Erroneous attribution of relevant transcription factor binding sites despite successful prediction of cis-regulatory modules
1 Department of Biochemistry, State University of New York at Buffalo, Buffalo, NY 14214 USA
2 Department of Biological Sciences, State University of New York at Buffalo, Buffalo, NY 14260 USA
3 New York State Center of Excellence in Bioinformatics and the Life Sciences, Buffalo NY 14203 USA
4 Department of Molecular and Cellular Biology, Roswell Park Cancer Institute, Buffalo NY 14263 USA
5 Center for Human Genome Variation, Duke University, Durham, NC 27708, USA
BMC Genomics 2011, 12:578 doi:10.1186/1471-2164-12-578Published: 25 November 2011
Cis-regulatory modules are bound by transcription factors to regulate gene expression. Characterizing these DNA sequences is central to understanding gene regulatory networks and gaining insight into mechanisms of transcriptional regulation, but genome-scale regulatory module discovery remains a challenge. One popular approach is to scan the genome for clusters of transcription factor binding sites, especially those conserved in related species. When such approaches are successful, it is typically assumed that the activity of the modules is mediated by the identified binding sites and their cognate transcription factors. However, the validity of this assumption is often not assessed.
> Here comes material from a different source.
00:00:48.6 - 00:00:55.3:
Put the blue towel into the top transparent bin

We successfully predicted five new cis-regulatory modules by combining binding site identification with sequence conservation and compared these to unsuccessful predictions from a related approach not utilizing sequence conservation. Despite greatly improved predictive success, the positive set had similar degrees of sequence and binding site conservation as the negative set. We explored the reasons for this by mutagenizing putative binding sites in three cis-regulatory modules. A large proportion of the tested sites had little or no demonstrable role in mediating regulatory element activity. Examination of loss-of-function mutants also showed that some transcription factors supposedly binding to the modules are not required for their function.
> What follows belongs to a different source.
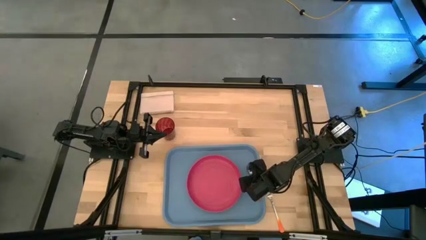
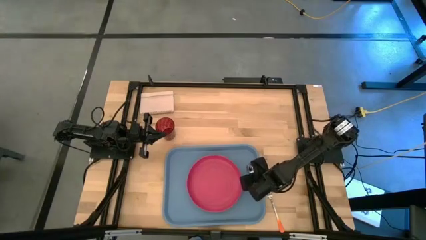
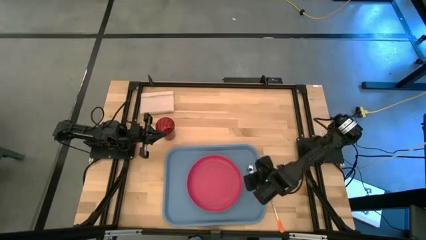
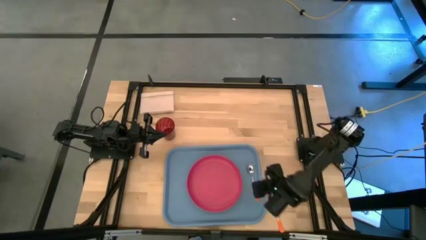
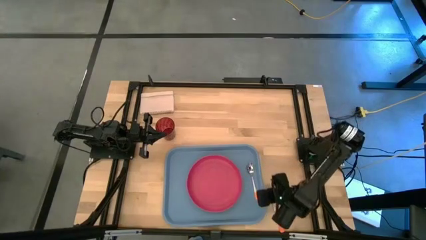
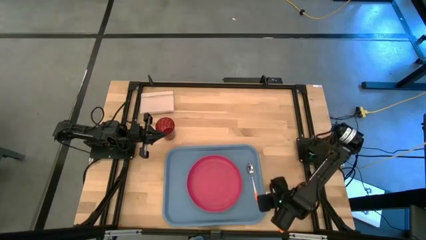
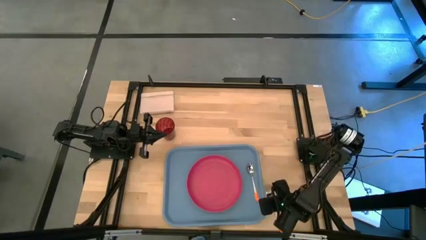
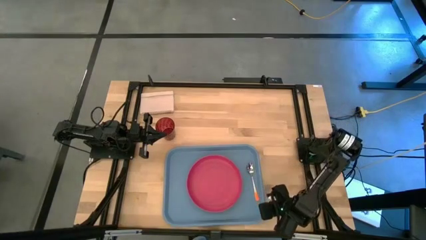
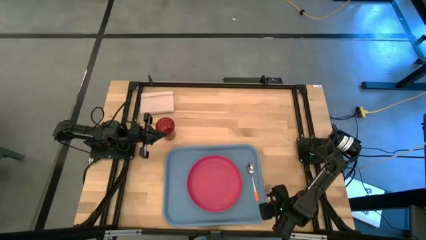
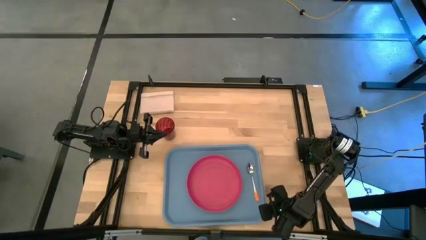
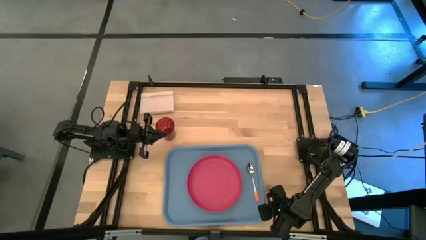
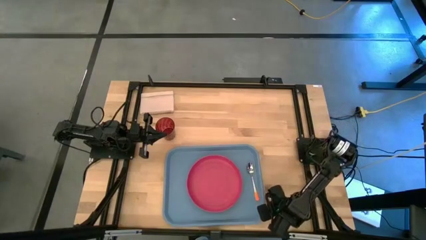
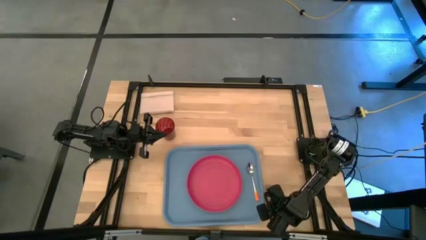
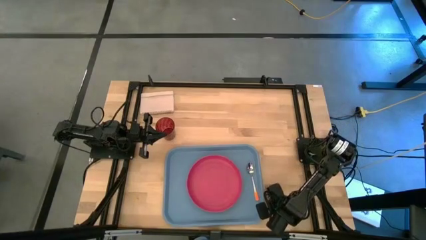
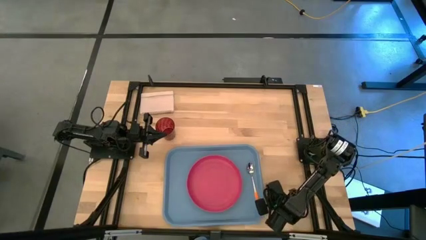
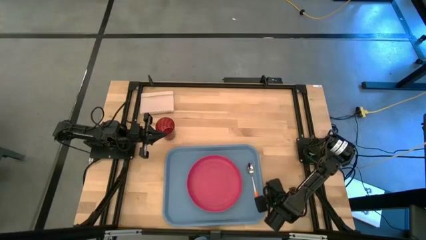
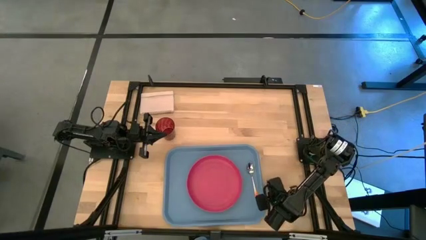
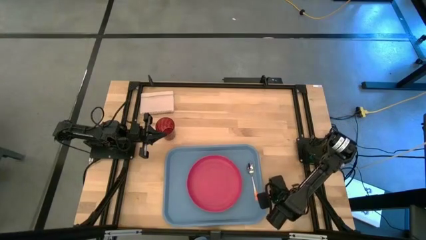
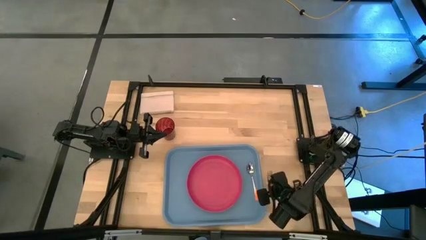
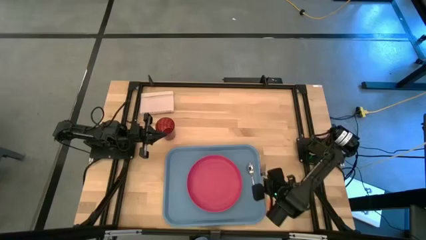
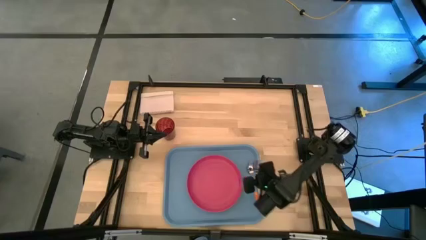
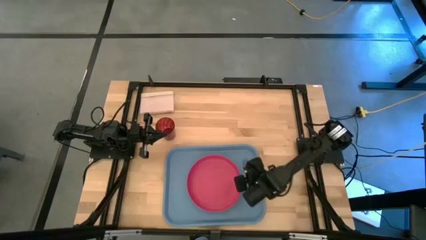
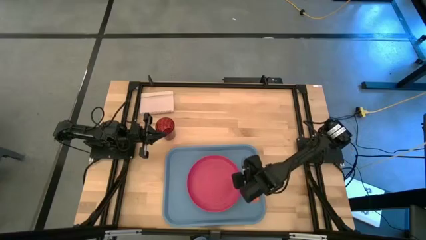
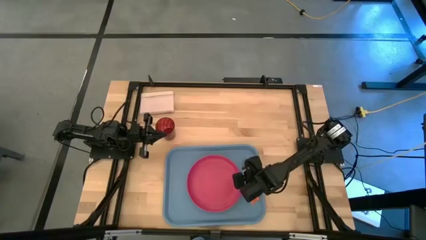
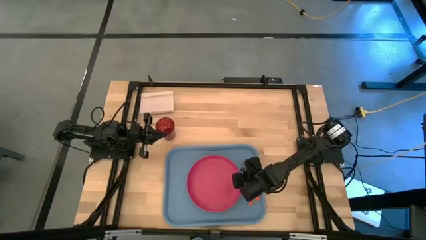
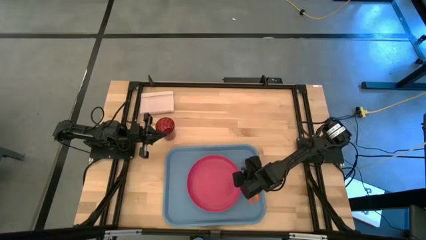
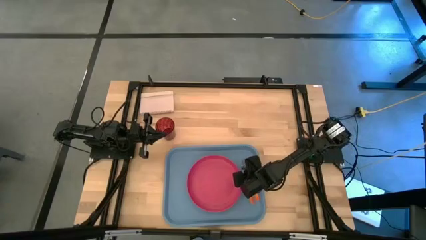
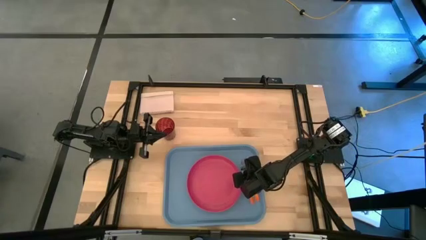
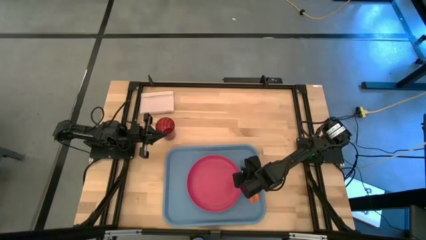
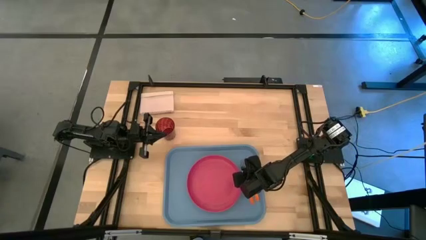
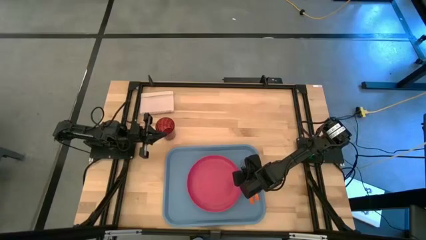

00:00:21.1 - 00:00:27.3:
Task: Pick and place plate/cup/fork/spoon on tray
Put the orange fork on the blue tray to the right of the red plate

Our results raise important questions about interpreting regulatory module predictions obtained by finding clusters of conserved binding sites. Attribution of function to these sites and their cognate transcription factors may be incorrect even when modules are successfully identified. Our study underscores the importance of empirical validation of computational results even when these results are in line with expectation.